We live in interesting times. Significant portions of the tech and business industry are currently working remotely, including Google Twitter and Facebook.

There's an ever growing body of research which shows the current trend in office design, the open office, is a productivity killer, and perhaps counter-intuitively, also harms collaboration, see:

I hunted down one of the mentioned studies:

Organizations’ pursuit of increased workplace collaboration has led managers to transform traditional office spaces into ‘open’, transparency-enhancing architectures with fewer walls, doors and other spatial boundaries, yet there is scant direct empirical research on how human interaction patterns change as a result of these architectural changes. In two intervention-based field studies of corporate headquarters transitioning to more open office spaces, we empirically examined—using digital data from advanced wearable devices and from electronic communication servers—the effect of open office architectures on employees' face-to-face, email and instant messaging (IM) interaction patterns. Contrary to common belief, the volume of face-to-face interaction decreased significantly (approx. 70%) in both cases, with an associated increase in electronic interaction.
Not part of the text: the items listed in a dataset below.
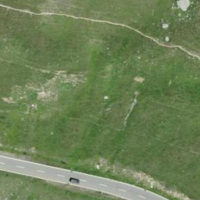
EUNIS habitat code: 26
Species observed at this site:
Oenanthe oenanthe
Anthus spinoletta
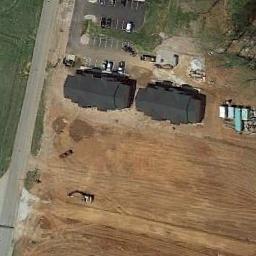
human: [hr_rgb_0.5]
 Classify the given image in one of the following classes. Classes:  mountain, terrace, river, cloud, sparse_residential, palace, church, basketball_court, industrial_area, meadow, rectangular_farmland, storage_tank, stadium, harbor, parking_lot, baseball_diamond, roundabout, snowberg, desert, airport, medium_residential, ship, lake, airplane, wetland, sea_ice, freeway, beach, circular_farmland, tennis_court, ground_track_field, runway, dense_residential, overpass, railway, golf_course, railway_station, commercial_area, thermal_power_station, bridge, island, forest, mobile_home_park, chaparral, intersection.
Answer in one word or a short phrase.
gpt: sparse_residential
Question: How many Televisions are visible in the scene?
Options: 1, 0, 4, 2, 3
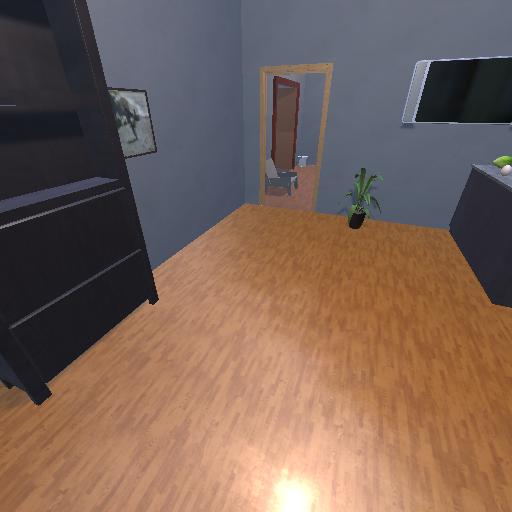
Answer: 1

In short, rather than prompting increasingly vibrant face-to-face collaboration, open architecture appeared to trigger a natural human response to socially withdraw from officemates and interact instead over email and IM. This is the first study to empirically measure both face-to-face and electronic interaction before and after the adoption of open office architecture. The results inform our understanding of the impact on human behaviour of workspaces that trend towards fewer spatial boundaries.
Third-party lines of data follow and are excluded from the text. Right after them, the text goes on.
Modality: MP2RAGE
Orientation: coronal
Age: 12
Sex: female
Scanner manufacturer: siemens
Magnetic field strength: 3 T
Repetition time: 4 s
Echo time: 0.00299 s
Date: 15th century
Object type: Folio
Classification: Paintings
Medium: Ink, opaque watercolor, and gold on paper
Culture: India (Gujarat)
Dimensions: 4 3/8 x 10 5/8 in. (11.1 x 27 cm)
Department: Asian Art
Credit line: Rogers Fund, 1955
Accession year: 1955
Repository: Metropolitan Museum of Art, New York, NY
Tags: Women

Keep in mind some of theses results may be affected by cultural factors, but they're still significant.

The current ongoing experiment in remote work is proving itself rather nicely, but there's one concern I keep hearing repeated: people miss the stochastic element of random conversations, half-heard fragments and other random cross-pollinating factors, which they feel negatively impact creativity and new ideas.
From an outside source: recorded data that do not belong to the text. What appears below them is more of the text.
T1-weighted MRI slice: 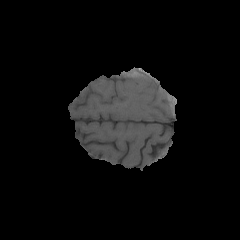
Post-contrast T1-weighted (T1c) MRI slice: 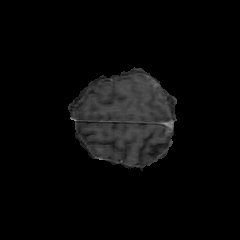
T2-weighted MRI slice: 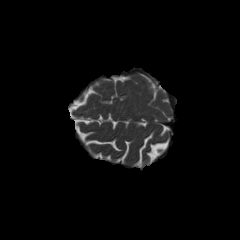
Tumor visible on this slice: yes
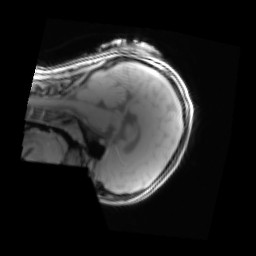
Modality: PDw
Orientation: sagittal
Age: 18
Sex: female
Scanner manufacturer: siemens
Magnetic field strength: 3 T
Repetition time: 0.25 s
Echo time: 0.00103 s
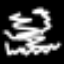
Label: squiggle
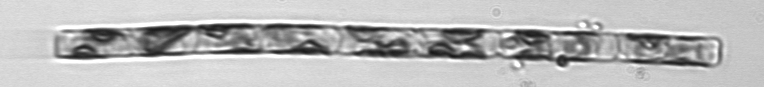
Label: Guinardia_delicatula
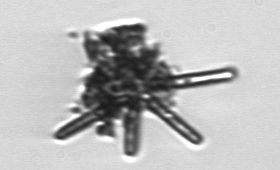
Label: Thalassionema

Since the water cooler is gone, and the only corridors left are in our homes, perhaps it would be a good idea to facilitate a sort of virtual water cooler, where employees could have the unstructured conversations necessary for this process to occur. It isn't a perfect replacement for face-to-face interactions, but perfect may be the enemy of good in this case.

A possible medium to facilitate this is persistent voice chat rooms with visible members, into which every member of the organization could just pop in and join an organic conversation.

Both Discord and Riot, if you prefer open source projects, support this capability.

I'd be interested to see people experiment with these options and how it affects an organization's productivity and creativity.